Monday, April 11, 2011

Airing the absolutes is no longer permitted in polite society

...an excerpt from...
The Blood of the Lamb
by Peter de Vries
(1961)

Airing the absolutes is no longer permitted in polite society, save where a Stein and a Wanderhope [the narrator] meet and knock their heads together, but I do not think this is due to apathy or frivolity, or because such pursuits are vain, though one pant for God as the hart after water-brooks. There is another reason why we chatter of this and that while our hearts burn within us.

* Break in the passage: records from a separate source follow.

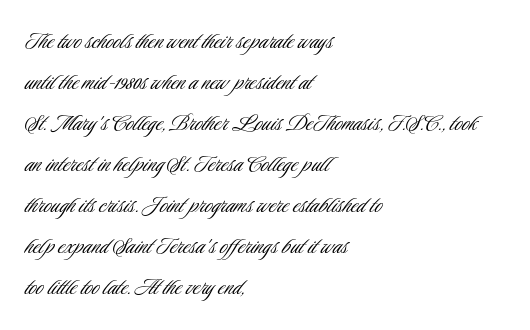
{"bold": "no", "underline": "no", "align": "left", "line_spacing": "normal", "line_spacing_ratio": 1.52, "letter_spacing": "normal", "letter_spacing_em": 0.0, "glyph_px": 27}
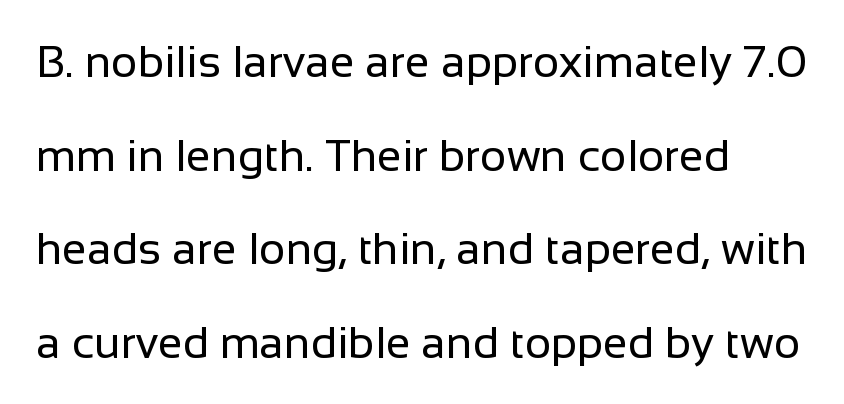
{"serif": "no", "italic": "no", "bold": "no", "weight": "regular", "width": "normal", "stroke_contrast": "low", "x_height": "medium", "monospaced": "no", "underline": "no", "align": "left", "line_spacing": "loose", "line_spacing_ratio": 2.08, "letter_spacing": "normal", "letter_spacing_em": 0.0, "glyph_px": 45}
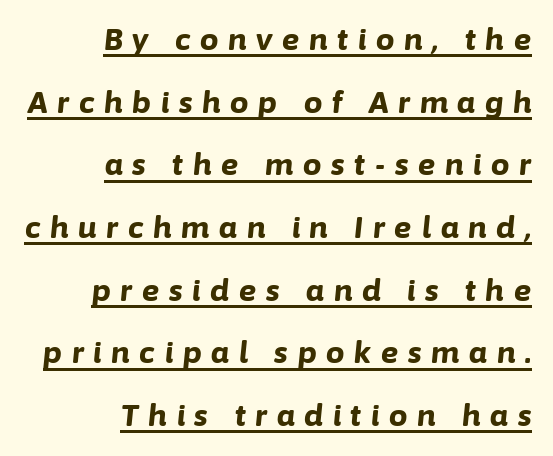
The passage shown stacks its lines with a broad gap. The face used here appears with an underline applied. Where is the straight margin? On the right. Heavy-handed strokes throughout: this text is bold. The tracking reads as deliberately expanded to a designer's eye.
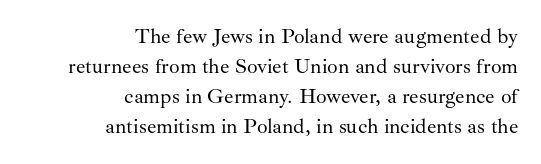
The image shows 21 px text type, upright; set right-aligned, normal line spacing (1.43x), normal letter spacing, not underlined.
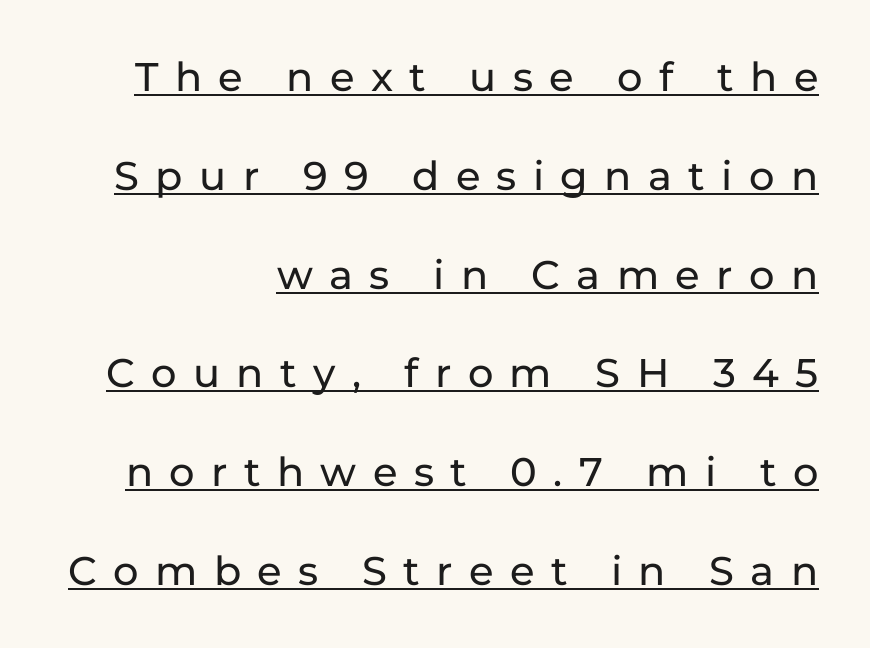
{"serif": "no", "italic": "no", "width": "normal", "stroke_contrast": "low", "x_height": "medium", "monospaced": "no", "underline": "yes", "align": "right", "line_spacing": "loose", "line_spacing_ratio": 2.47, "letter_spacing": "wide", "letter_spacing_em": 0.41, "glyph_px": 40}
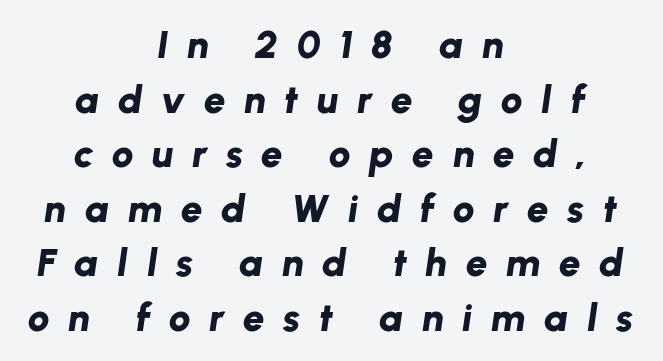
The horizontal fit of the characters is loose and conspicuously gappy. Pretty heavy lettering here — definitely bold. Spacing verdict: proportional, widths tailored to each character. There's an unmistakable incline to the writing here.
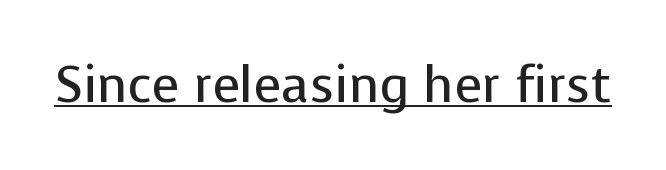
{"serif": "no", "italic": "no", "bold": "no", "weight": "regular", "width": "normal", "stroke_contrast": "low", "x_height": "medium", "monospaced": "no", "underline": "yes", "letter_spacing": "normal", "letter_spacing_em": 0.0, "glyph_px": 51}
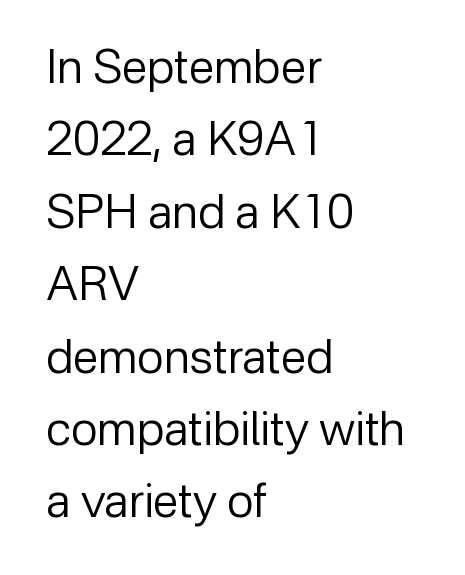
The image shows 47 px regular-weight sans-serif type, upright; set left-aligned, normal line spacing (1.54x), normal letter spacing, not underlined; low stroke contrast and a medium x-height.
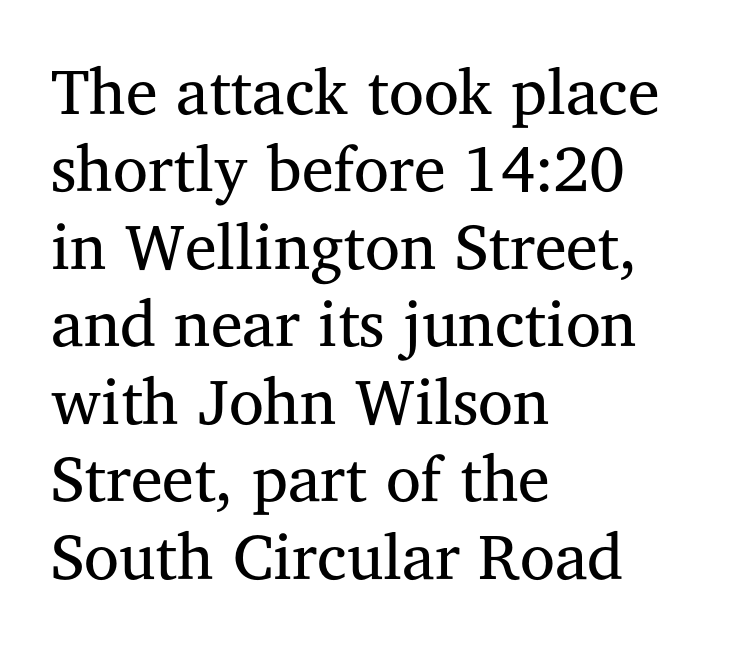
The image shows 64 px regular-weight serif type, upright; set left-aligned, line spacing 1.21x, normal letter spacing, not underlined; medium stroke contrast and a medium x-height.
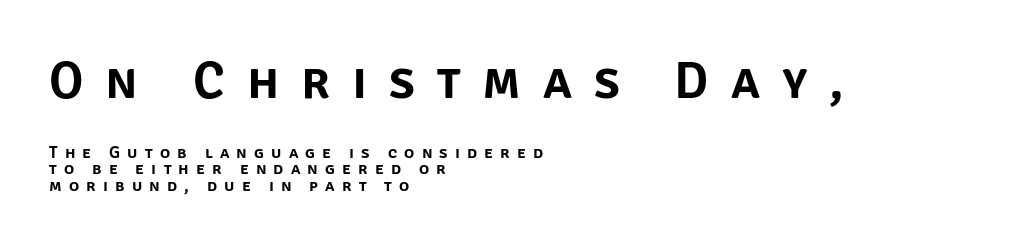
{"serif": "no", "italic": "no", "width": "normal", "stroke_contrast": "low", "x_height": "large", "monospaced": "no", "underline": "no", "align": "left", "line_spacing": "tight", "line_spacing_ratio": 0.98, "letter_spacing": "wide", "letter_spacing_em": 0.42, "larger_block": "first", "size_ratio": 3.06, "glyph_px": 52}
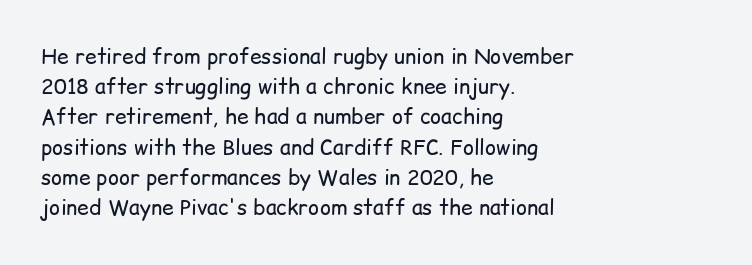
Q: Is the text bold? A: No.
Q: Is the text italic (slanted)? A: No, it is upright.
Q: Is the text underlined? A: No.
Q: How is the paragraph aligned? A: Left-aligned.
Q: Is the spacing between letters normal or unusually wide? A: Normal.
Q: Is the spacing between lines tight, normal or loose? A: Normal.
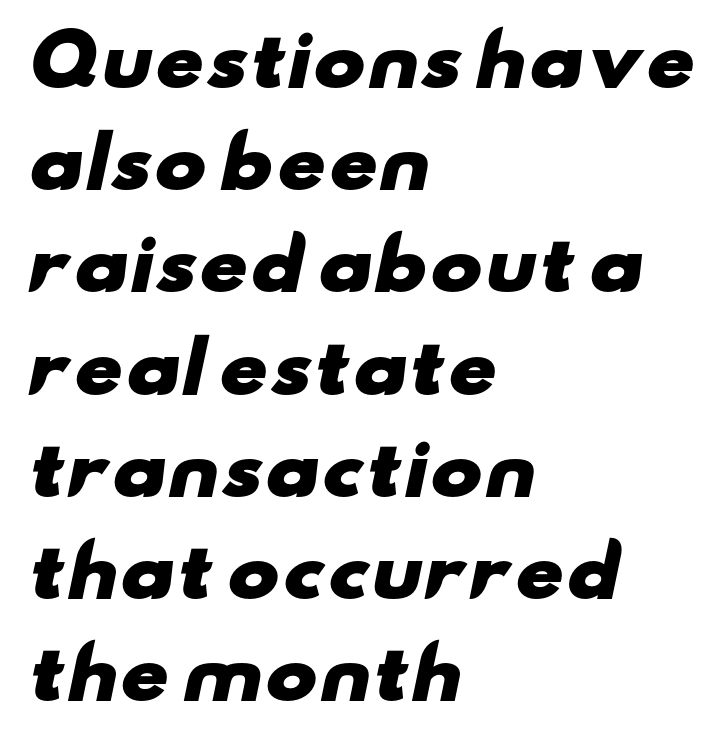
The image shows 70 px heavy, wide sans-serif type; set left-aligned, normal line spacing (1.46x), normal letter spacing, not underlined; low stroke contrast and a small x-height.
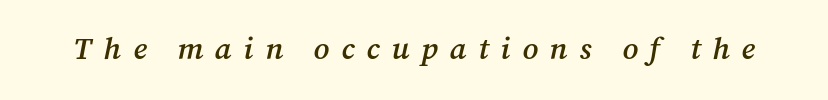
The image shows 31 px semibold serif type, italic (leaning right); set unusually wide letter spacing (+0.38 em), not underlined; medium stroke contrast and a medium x-height.
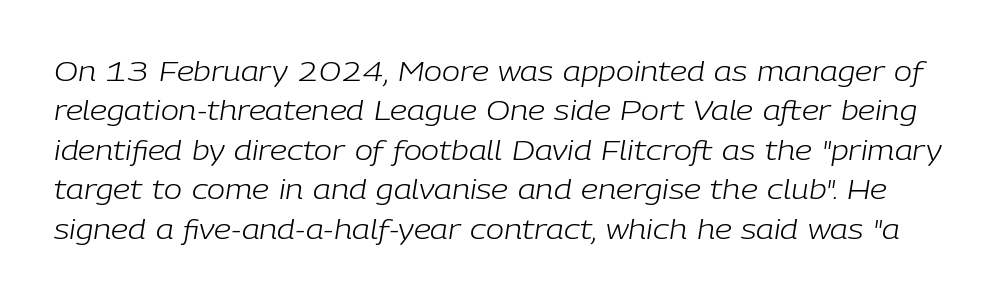
{"italic": "yes", "lean": "right", "slant_degrees": 9, "bold": "no", "underline": "no", "line_spacing": "normal", "line_spacing_ratio": 1.46, "letter_spacing": "normal", "letter_spacing_em": 0.0, "glyph_px": 27}
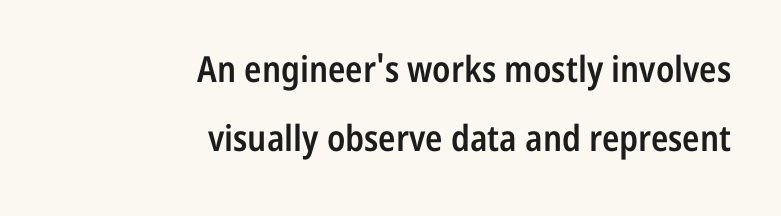
The image shows 36 px semibold, condensed sans-serif type, upright; set right-aligned, loose line spacing (1.92x), normal letter spacing, not underlined; low stroke contrast and a medium x-height.
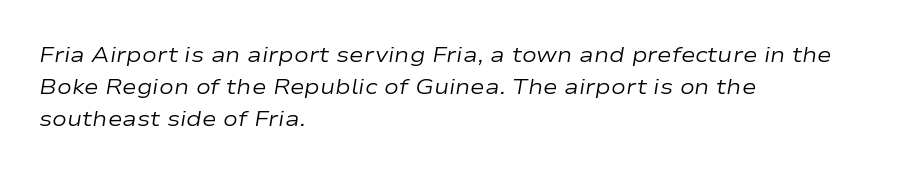
Typeset ragged right — the left edge is the straight one. Successive baselines arrive at the customary interval. Nobody touched the tracking dial on this one. Glance below the letters and you will spot only blank space. The strokes are not fattened; the text isn't bold.
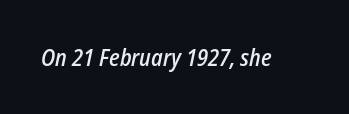
{"italic": "yes", "lean": "right", "slant_degrees": 12, "bold": "semi", "underline": "no", "letter_spacing": "normal", "letter_spacing_em": 0.0, "glyph_px": 23}
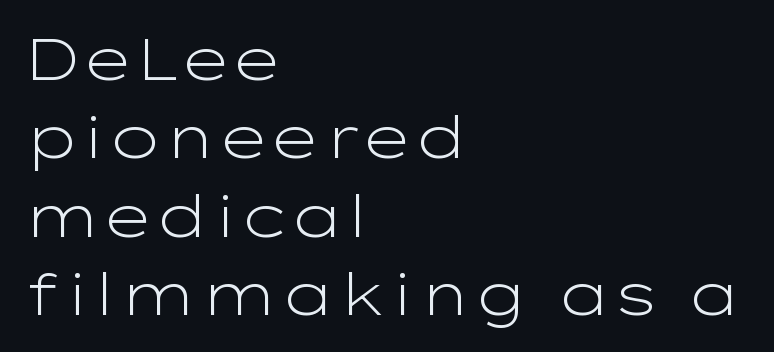
Q: Is the text bold? A: No.
Q: Is the text italic (slanted)? A: No, it is upright.
Q: Is the typeface a serif or a sans-serif typeface? A: Sans-serif.
Q: Is the text underlined? A: No.
Q: How is the paragraph aligned? A: Left-aligned.
Q: Is the spacing between letters normal or unusually wide? A: Normal.
Q: Is the spacing between lines tight, normal or loose? A: Normal.
Q: Width (condensed, normal, or wide)? A: Wide.
Q: Stroke contrast? A: Low.
Q: x-height? A: Medium.
Q: Monospaced? A: No.
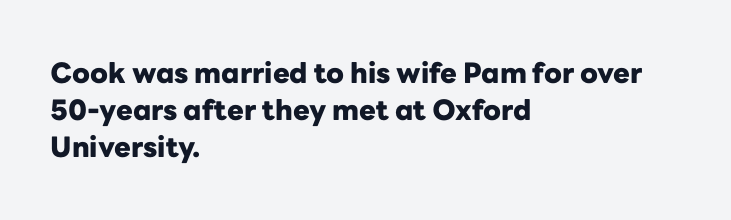
Q: Is the text bold? A: Yes.
Q: Is the text italic (slanted)? A: No, it is upright.
Q: Is the typeface a serif or a sans-serif typeface? A: Sans-serif.
Q: Is the text underlined? A: No.
Q: How is the paragraph aligned? A: Left-aligned.
Q: Is the spacing between letters normal or unusually wide? A: Normal.
Q: Is the spacing between lines tight, normal or loose? A: Normal.
Q: Width (condensed, normal, or wide)? A: Normal.
Q: Stroke contrast? A: Low.
Q: x-height? A: Medium.
Q: Monospaced? A: No.
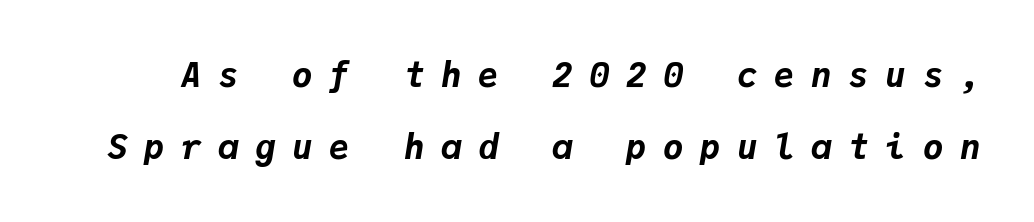
There's an unmistakable incline to the writing here. Observe the wide spacing: letters keep a clear distance from each other. Is this a fixed-width face? Yes — each glyph sits in an identical cell. A bare baseline throughout the passage.
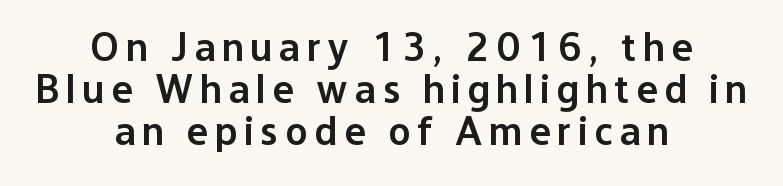
{"serif": "no", "italic": "no", "bold": "semi", "weight": "semibold", "width": "normal", "stroke_contrast": "low", "x_height": "medium", "monospaced": "no", "underline": "no", "align": "center", "line_spacing": "tight", "line_spacing_ratio": 1.03, "glyph_px": 41}
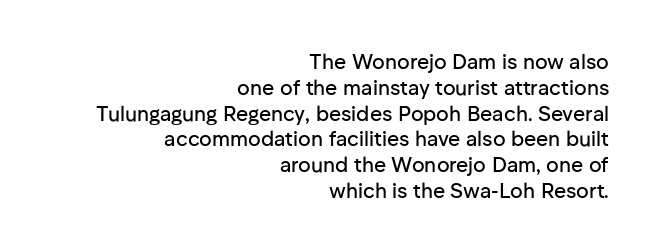
Descenders hang freely into open space. Quick note: not italic, upright. A typesetter would call this zero additional tracking. If you drew a ruler down the right edge, every line would touch it.
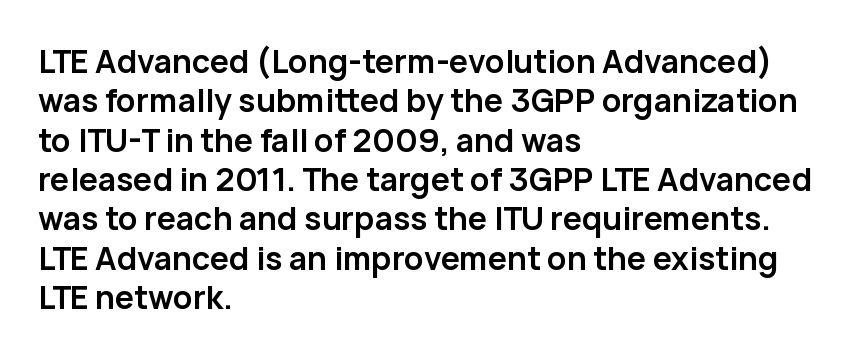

We live this life by a kind of conspiracy of grace: the common assumption, or pretense, that human existence is "good" or "matters" or has "meaning," a glaze of charm or humor by which we conceal from one another and perhaps even ourselves the suspicion that it does not, and our conviction in times of trouble that it is overpriced--something to be endured rather than enjoyed. Nowhere does this function more than in precisely such a slice of hell as a Children's Pavilion, where the basic truths would seem to mock any state of mind other than rage and despair. [Wanderhope is the parent of a child with leukemia in the Children's Pavilion of the hospital.] Rage and despair are indeed carried about in the heart, but privately, to be let out on special occasions, like savage dogs for exercise, occasions in solitude when God is cursed, birds stoned from the trees or the pillow hammered in the darkness. In the ward lounge itself, a scene in which a changing collection of characters are waiting for a new medicine that might as well be called Godot, the conversation is indistinguishable from that going on at the moment in the street, a coffee break at the office from which one is absent, or a dinner party to which one could not accept an invitation. Even the exchange of news about their children has often the quality of gossip. An earful of it would be incredible to an uninvolved spectator, not to its principals. Quiet is requested for the benefit of the other parents. One holds his peace in obedience to a tacit law as binding as if it were framed on a corridor wall with a police officer on hand to see that it was enforced: "No fuss." This is all perhaps nothing more than the principle of sportsmanship at its highest, given in return for the next man's. Even Stein [another parent] had it in no small degree, for all his seeming refusal to wish me good hunting in my spiritual quest. Perhaps he was trying to tell me in as nice a way as he could that there was no game in those woods. His grim little jokes on the barricades were in their way part of this call to courage.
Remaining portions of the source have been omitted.